R-Squared Lasso Train L1 penalty 1.0
R-Squared Lasso Test L1 penalty 0.9933333333333333


#### The R-Squared value is 100%, meaning that the model perfectly explains variance in the data.  This would most likely indicate severe overfitting, but the test data has a very R-Squared value as well.

## Ridge Logistic Regression

In [23]:
## Create dataframe for use with Ridge Regression
dfRidge = df
dfRidge = dfRidge.drop(columns = 'propertyCrime')

In [24]:
## set up Ridge Regression Model
ridgeRegModel = linear_model.Ridge() 

X_trainRidge, X_testRidge, y_trainRidge, y_testRidge = train_test_split(
    dfRidge, df['propertyCrime'], test_size=0.4, random_state=0)

y_trainRidge = y_trainRidge.values.reshape(-1,1)
y_testRidge = y_testRidge.values.reshape(-1,1)

## fit the model
fitRidge = ridgeRegModel.fit(X_trainRidge, y_trainRidge)

In [25]:
coefRidge = ridgeRegModel.coef_
print(coefRidge)

[[ 1.88787161e-08  1.11903085e-04  3.69987406e-04 -1.11081387e-04
   0.00000000e+00 -7.82548290e-06 -1.44005427e-04  1.00001264e+00
   9.99999700e-01  9.99843935e-01  1.30182429e-04]]


#### All features were used except Robbery. This is perhaps not the most optimal selection because we know that Legacy Rape doesn't have any useable data, since all data is zeros. It may make sense to remove Robbery as it is not used in the original dataset to calculate Property Crime.

In [26]:
print('R-Squared Ridge Train', ridgeRegModel.score(X_trainRidge, y_trainRidge))
print('R-Squared Ridge Test', ridgeRegModel.score(X_testRidge, y_testRidge))

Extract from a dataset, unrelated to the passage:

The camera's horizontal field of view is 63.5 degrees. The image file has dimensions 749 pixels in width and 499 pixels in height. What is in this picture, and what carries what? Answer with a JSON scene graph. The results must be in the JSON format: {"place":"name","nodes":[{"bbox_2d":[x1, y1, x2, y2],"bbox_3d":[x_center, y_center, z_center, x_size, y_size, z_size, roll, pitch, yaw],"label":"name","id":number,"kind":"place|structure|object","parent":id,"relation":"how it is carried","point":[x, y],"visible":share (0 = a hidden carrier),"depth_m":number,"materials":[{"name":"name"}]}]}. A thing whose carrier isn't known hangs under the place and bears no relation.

R-Squared Ridge Train 0.9999999999999922
R-Squared Ridge Test 0.9999990981000586


#### The R-Squared value for the trainin set is very high, which may indicate overfitting, however it was cross validated wih a test set.  

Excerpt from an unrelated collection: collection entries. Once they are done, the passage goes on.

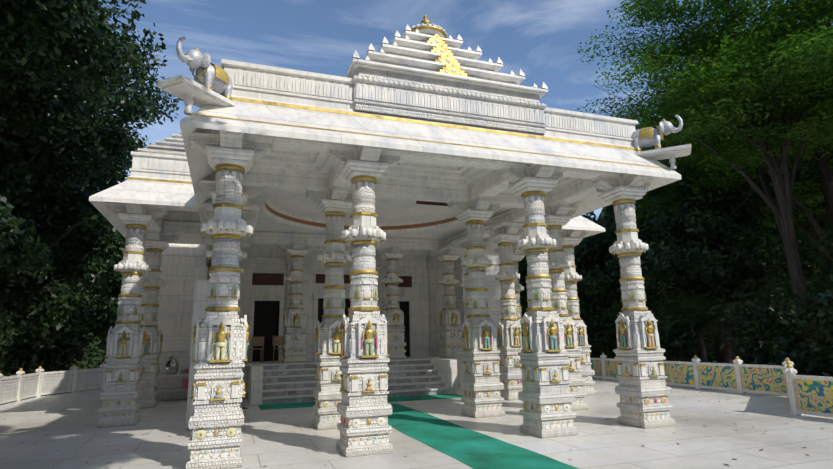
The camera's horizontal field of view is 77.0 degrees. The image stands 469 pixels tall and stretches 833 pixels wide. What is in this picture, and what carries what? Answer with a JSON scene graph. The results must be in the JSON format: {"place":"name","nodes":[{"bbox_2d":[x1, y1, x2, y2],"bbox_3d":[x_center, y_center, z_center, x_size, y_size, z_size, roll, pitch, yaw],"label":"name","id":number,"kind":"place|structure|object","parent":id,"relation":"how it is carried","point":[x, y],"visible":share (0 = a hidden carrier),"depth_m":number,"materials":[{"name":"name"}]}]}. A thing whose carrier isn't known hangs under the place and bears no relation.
{"place":"outdoors","nodes":[
{"label":"outdoors","id":0,"kind":"place"},
{"bbox_2d":[0,377,832,468],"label":"terrace floor","id":1,"kind":"structure","parent":0,"point":[706,435],"depth_m":8.86,"materials":[{"name":"stone"}]},
{"bbox_2d":[0,362,105,403],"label":"railing","id":2,"kind":"object","parent":1,"relation":"on","point":[19,386],"visible":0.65,"depth_m":17.72,"materials":[{"name":"stone"}]},
{"bbox_2d":[97,203,168,427],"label":"column","id":3,"kind":"structure","parent":1,"relation":"on","point":[120,395],"depth_m":11.28,"materials":[{"name":"white stone"}]},
{"bbox_2d":[139,229,179,407],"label":"column","id":4,"kind":"structure","parent":1,"relation":"on","point":[156,244],"depth_m":14.39,"materials":[{"name":"white stone"}]},
{"bbox_2d":[158,355,188,391],"bbox_3d":[-7.184,4.218,15.386,1.408,1.300,0.600,4,-12,-24],"label":"table with pot","id":5,"kind":"object","parent":1,"relation":"on","point":[172,366],"visible":0.69,"depth_m":15.33,"materials":[{"name":"stone"}]},
{"bbox_2d":[185,280,208,430],"bbox_3d":[-4.277,2.362,10.437,0.420,2.900,0.060,2,-12,-17],"label":"leaning white board","id":6,"kind":"object","parent":1,"relation":"on","point":[200,303],"visible":0.43,"depth_m":10.52,"materials":[{"name":"stone"}]},
{"bbox_2d":[207,233,250,282],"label":"pillar","id":7,"kind":"structure","parent":1,"relation":"on","point":[245,237],"depth_m":14.78,"materials":[{"name":"stone"}]},
{"bbox_2d":[203,209,255,274],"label":"pillar","id":8,"kind":"structure","parent":1,"relation":"on","point":[247,216],"depth_m":12.57,"materials":[{"name":"stone"}]},
{"bbox_2d":[186,130,273,468],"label":"pillar","id":9,"kind":"structure","parent":1,"relation":"on","point":[220,344],"depth_m":7.40,"materials":[{"name":"stone"}]},
{"bbox_2d":[197,180,262,323],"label":"pillar","id":10,"kind":"structure","parent":1,"relation":"on","point":[249,191],"depth_m":10.21,"materials":[{"name":"stone"}]},
{"bbox_2d":[139,201,501,404],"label":"temple building","id":11,"kind":"structure","parent":1,"relation":"on","point":[264,289],"depth_m":18.00,"materials":[{"name":"white stone"}]},
{"bbox_2d":[89,131,258,245],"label":"roof","id":12,"kind":"structure","parent":11,"relation":"attached to","point":[160,173],"depth_m":12.06,"materials":[{"name":"stone"}]},
{"bbox_2d":[156,74,238,114],"bbox_3d":[-3.125,-1.852,7.716,1.237,0.380,1.237,3,-12,-19],"label":"elephant stand","id":13,"kind":"object","parent":11,"relation":"on","point":[189,92],"visible":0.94,"depth_m":7.42,"materials":[{"name":"white stone"}]},
{"bbox_2d":[176,36,232,100],"bbox_3d":[-3.143,-2.403,7.811,0.775,0.739,0.775,3,-12,-19],"label":"elephant","id":14,"kind":"object","parent":13,"relation":"on","point":[214,77],"visible":0.83,"depth_m":7.67},
{"bbox_2d":[248,336,263,362],"bbox_3d":[-5.220,3.736,17.084,0.440,0.852,0.548,0,-11,-8],"label":"chair","id":15,"kind":"object","parent":11,"relation":"on","point":[257,341],"visible":0.98,"depth_m":17.31,"materials":[{"name":"brown wood"}]},
{"bbox_2d":[273,335,283,361],"bbox_3d":[-4.429,3.733,17.154,0.440,0.852,0.548,7,-14,-36],"label":"chair","id":16,"kind":"object","parent":11,"relation":"on","point":[278,340],"visible":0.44,"depth_m":17.33,"materials":[{"name":"brown wood"}]},
{"bbox_2d":[277,242,316,362],"bbox_3d":[-3.883,2.186,16.845,1.117,3.745,1.117,-6,-12,25],"label":"pillar","id":17,"kind":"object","parent":11,"relation":"on","point":[294,346],"visible":1,"depth_m":16.61,"materials":[{"name":"stone"}]},
{"bbox_2d":[376,246,410,359],"bbox_3d":[-0.812,2.340,17.928,1.117,3.745,1.117,-6,-12,25],"label":"pillar","id":18,"kind":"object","parent":11,"relation":"on","point":[393,313],"visible":0.92,"depth_m":17.73,"materials":[{"name":"stone"}]},
{"bbox_2d":[430,248,461,357],"bbox_3d":[1.176,2.439,18.628,1.117,3.745,1.117,-6,-12,25],"label":"pillar","id":19,"kind":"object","parent":11,"relation":"on","point":[450,337],"visible":0.96,"depth_m":18.38,"materials":[{"name":"stone"}]},
{"bbox_2d":[437,215,605,255],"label":"roof","id":20,"kind":"structure","parent":11,"relation":"on","point":[589,227],"depth_m":15.30,"materials":[{"name":"stone"}]},
{"bbox_2d":[305,184,352,429],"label":"pillar","id":21,"kind":"structure","parent":1,"relation":"on","point":[335,205],"depth_m":10.53,"materials":[{"name":"stone"}]},
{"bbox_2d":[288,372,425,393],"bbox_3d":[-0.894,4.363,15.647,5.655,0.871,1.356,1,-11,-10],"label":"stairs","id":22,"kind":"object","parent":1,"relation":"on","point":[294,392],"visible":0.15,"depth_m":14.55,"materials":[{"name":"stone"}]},
{"bbox_2d":[325,145,401,456],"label":"pillar","id":23,"kind":"structure","parent":1,"relation":"on","point":[364,410],"depth_m":8.07,"materials":[{"name":"stone"}]},
{"bbox_2d":[145,130,626,256],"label":"temple ceiling beams","id":24,"kind":"structure","parent":23,"relation":"on","point":[293,164],"depth_m":11.62,"materials":[{"name":"white stone"}]},
{"bbox_2d":[180,14,681,256],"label":"temple roof","id":25,"kind":"structure","parent":24,"relation":"on","point":[425,85],"depth_m":9.31,"materials":[{"name":"white stone"}]},
{"bbox_2d":[634,144,690,169],"bbox_3d":[4.830,-1.455,10.519,1.237,0.380,1.237,3,-12,-19],"label":"elephant stand","id":26,"kind":"object","parent":25,"relation":"on","point":[671,154],"visible":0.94,"depth_m":10.35,"materials":[{"name":"white stone"}]},
{"bbox_2d":[631,115,682,151],"bbox_3d":[4.832,-2.005,10.622,0.775,0.739,0.775,3,-12,-19],"label":"elephant","id":27,"kind":"object","parent":26,"relation":"on","point":[647,137],"visible":0.85,"depth_m":10.50},
{"bbox_2d":[4,379,807,468],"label":"fallen leaves","id":28,"kind":"object","parent":1,"relation":"on","point":[404,456],"visible":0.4,"depth_m":9.17,"materials":[{"name":"brown plant"}]},
{"bbox_2d":[259,394,578,468],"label":"carpet","id":29,"kind":"object","parent":1,"relation":"on","point":[472,449],"visible":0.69,"depth_m":8.48,"materials":[{"name":"teal carpet"}]},
{"bbox_2d":[450,240,488,390],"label":"pillar","id":30,"kind":"structure","parent":1,"relation":"on","point":[462,250],"depth_m":16.93,"materials":[{"name":"stone"}]},
{"bbox_2d":[447,195,504,417],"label":"pillar","id":31,"kind":"structure","parent":1,"relation":"on","point":[482,385],"depth_m":11.49,"materials":[{"name":"stone"}]},
{"bbox_2d":[484,225,523,400],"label":"pillar","id":32,"kind":"structure","parent":1,"relation":"on","point":[508,327],"depth_m":14.45,"materials":[{"name":"stone"}]},
{"bbox_2d":[494,246,524,320],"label":"column","id":33,"kind":"structure","parent":1,"relation":"on","point":[518,255],"depth_m":18.37,"materials":[{"name":"white stone"}]},
{"bbox_2d":[498,164,577,438],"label":"pillar","id":34,"kind":"structure","parent":1,"relation":"on","point":[546,396],"depth_m":9.17,"materials":[{"name":"stone"}]},
{"bbox_2d":[544,202,587,410],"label":"pillar","id":35,"kind":"structure","parent":1,"relation":"on","point":[557,216],"depth_m":12.34,"materials":[{"name":"stone"}]},
{"bbox_2d":[561,229,595,395],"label":"column","id":36,"kind":"structure","parent":1,"relation":"on","point":[571,239],"depth_m":15.20,"materials":[{"name":"white stone"}]},
{"bbox_2d":[591,174,675,428],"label":"pillar","id":37,"kind":"structure","parent":1,"relation":"on","point":[643,390],"depth_m":9.89,"materials":[{"name":"stone"}]},
{"bbox_2d":[590,353,832,417],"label":"railing","id":38,"kind":"object","parent":1,"relation":"on","point":[809,395],"visible":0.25,"depth_m":14.10,"materials":[{"name":"stone"}]},
{"bbox_2d":[456,300,465,319],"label":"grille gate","id":39,"kind":"structure","parent":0,"point":[462,306],"depth_m":19.02,"materials":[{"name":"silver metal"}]},
{"bbox_2d":[97,0,832,219],"label":"sky","id":40,"kind":"structure","parent":0,"point":[541,39],"materials":[{"name":"blue"}]},
{"label":"ground","id":41,"kind":"structure","parent":0,"visible":0},
{"bbox_2d":[0,76,47,285],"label":"tree","id":42,"kind":"object","parent":41,"relation":"on","point":[10,247],"visible":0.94,"depth_m":15.13,"materials":[{"name":"green plant"}]},
{"bbox_2d":[0,159,121,311],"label":"tree","id":43,"kind":"object","parent":41,"relation":"on","point":[30,211],"visible":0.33,"depth_m":19.22,"materials":[{"name":"green plant"}]},
{"bbox_2d":[0,219,125,375],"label":"bushes","id":44,"kind":"object","parent":41,"relation":"on","point":[52,326],"visible":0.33,"depth_m":19.63,"materials":[{"name":"green plant"}]},
{"bbox_2d":[0,0,167,106],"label":"tree","id":45,"kind":"object","parent":41,"relation":"on","point":[43,35],"visible":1,"depth_m":12.23,"materials":[{"name":"green plant"}]},
{"bbox_2d":[26,111,150,261],"bbox_3d":[-17.576,-0.808,21.798,11.088,15.280,12.363,3,-12,-19],"label":"tree","id":46,"kind":"object","parent":41,"relation":"on","point":[93,185],"visible":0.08,"depth_m":21.11,"materials":[{"name":"green plant"}]},
{"bbox_2d":[56,183,124,305],"bbox_3d":[-16.044,2.118,29.754,13.276,12.671,13.781,3,-12,-19],"label":"tree","id":47,"kind":"object","parent":41,"relation":"on","point":[115,292],"depth_m":27.12,"materials":[{"name":"green plant"}]},
{"bbox_2d":[0,3,184,199],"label":"tree","id":48,"kind":"object","parent":41,"relation":"on","point":[35,128],"visible":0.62,"depth_m":16.77,"materials":[{"name":"green plant"}]},
{"bbox_2d":[0,196,832,374],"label":"tree","id":49,"kind":"object","parent":41,"relation":"on","point":[673,308],"depth_m":37.06,"materials":[{"name":"green plant"}]},
{"bbox_2d":[518,213,597,309],"bbox_3d":[4.126,1.979,30.045,12.333,12.256,12.674,3,-12,-19],"label":"tree","id":50,"kind":"object","parent":41,"relation":"on","point":[524,274],"visible":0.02,"depth_m":25.88,"materials":[{"name":"green plant"}]},
{"bbox_2d":[518,211,670,321],"bbox_3d":[8.324,2.920,27.274,9.814,9.206,9.598,3,-12,-19],"label":"tree","id":51,"kind":"object","parent":41,"relation":"on","point":[594,260],"visible":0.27,"depth_m":25.09,"materials":[{"name":"green plant"}]},
{"bbox_2d":[522,274,832,376],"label":"bushes","id":52,"kind":"object","parent":41,"relation":"on","point":[770,326],"visible":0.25,"depth_m":17.48,"materials":[{"name":"green plant"}]},
{"bbox_2d":[657,292,748,362],"bbox_3d":[10.891,4.154,20.326,4.148,3.654,3.582,-10,-14,39],"label":"palm","id":53,"kind":"object","parent":41,"relation":"on","point":[698,325],"visible":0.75,"depth_m":20.00,"materials":[{"name":"green plant"}]},
{"bbox_2d":[577,0,832,374],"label":"tree","id":54,"kind":"object","parent":41,"relation":"on","point":[704,101],"visible":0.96,"depth_m":17.37,"materials":[{"name":"green plant"}]},
{"bbox_2d":[603,67,815,359],"bbox_3d":[18.173,-1.374,32.129,14.650,19.014,13.620,3,-12,-19],"label":"tree","id":55,"kind":"object","parent":41,"relation":"on","point":[776,229],"depth_m":30.39,"materials":[{"name":"green plant"}]},
{"bbox_2d":[603,151,824,363],"bbox_3d":[12.915,1.368,23.444,9.687,10.502,8.901,3,-12,-19],"label":"tree","id":56,"kind":"object","parent":41,"relation":"on","point":[711,249],"visible":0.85,"depth_m":21.60,"materials":[{"name":"green plant"}]},
{"bbox_2d":[608,64,832,358],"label":"tree","id":57,"kind":"object","parent":41,"relation":"on","point":[664,199],"visible":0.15,"depth_m":23.70,"materials":[{"name":"green plant"}]},
{"bbox_2d":[623,0,832,267],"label":"tree","id":58,"kind":"object","parent":41,"relation":"on","point":[824,169],"visible":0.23,"depth_m":20.39,"materials":[{"name":"green plant"}]},
{"bbox_2d":[660,2,832,259],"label":"tree","id":59,"kind":"object","parent":41,"relation":"on","point":[823,223],"visible":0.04,"depth_m":24.53,"materials":[{"name":"green plant"}]},
{"bbox_2d":[798,162,832,260],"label":"tree","id":60,"kind":"object","parent":41,"relation":"on","point":[827,247],"visible":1,"depth_m":16.77,"materials":[{"name":"green plant"}]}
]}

## Lasso Logistic Regression

In [27]:
## Create dataframe for use with Ridge Regression
dfLasso = df
dfLasso = dfLasso.drop(columns = 'propertyCrime')

In [28]:
## set up Ridge Regression Model
lassoRegModel = linear_model.Lasso(0.2) 

X_trainLasso, X_testLasso, y_trainLasso, y_testLasso = train_test_split(
    dfLasso, df['propertyCrime'], test_size=0.4, random_state=0)

y_trainLasso = y_trainLasso.values.reshape(-1,1)
y_testLasso = y_testLasso.values.reshape(-1,1)

## fit the model
fitLasso = lassoRegModel.fit(X_trainLasso, y_trainLasso)



In [29]:
coefLasso = lassoRegModel.coef_
print(coefLasso)

[ 1.29687155e-02  2.57143194e-01  7.88330860e+01  7.60774381e+00
  0.00000000e+00 -2.65824256e+00 -5.86285119e-02  3.68938663e+00
  6.57614715e-02 -6.49795285e+00 -8.33237738e-02]


#### Only Robbery was removed from this feature set as well.

In [30]:
print('R-Squared Lasso Train', lassoRegModel.score(X_trainLasso, y_trainLasso))
print('R-Squared Lasso Test', lassoRegModel.score(X_testLasso, y_testLasso))

R-Squared Lasso Train 0.9997563994313323
R-Squared Lasso Test 0.8834918491034294


#### The R-Squared value is high for the training set, but there is a noticable drop in the test set R-Squared value which would show a clear case of overfitting

## Conclusion

#### The best choice seems to be the Vanilla Logistic Regression with L1 penalty (regularization). This model uses less features than the others. This isn't always ideal, but we know that some of the columns (which are used to create the features) in the original dataset are used to create other columns. This can be seen where Violent Crime is made of Murder, Revised Rape, Legacy Rape, Robbery and Assault. This creates a lot of redundant data for the other Regression models which could make them overly complex and not efficient. Additionally, the two columns that are remaining in the L1 penalty Logistic Regression are Burglary and Theft which are used in the original data to make the Property Crime column. The R-Squared value for both the training and test data sets are nearly ideal which alone may indicate that there is overfitting in the model, but since both have good R-Squared values, the model seems to work well.

#### Some of the limitations of the Regression Models are that the Lasso and Ridge Models only work for continous variables and the Log Model only works for binary data. It would be useful to be able to combine both of these features in one model.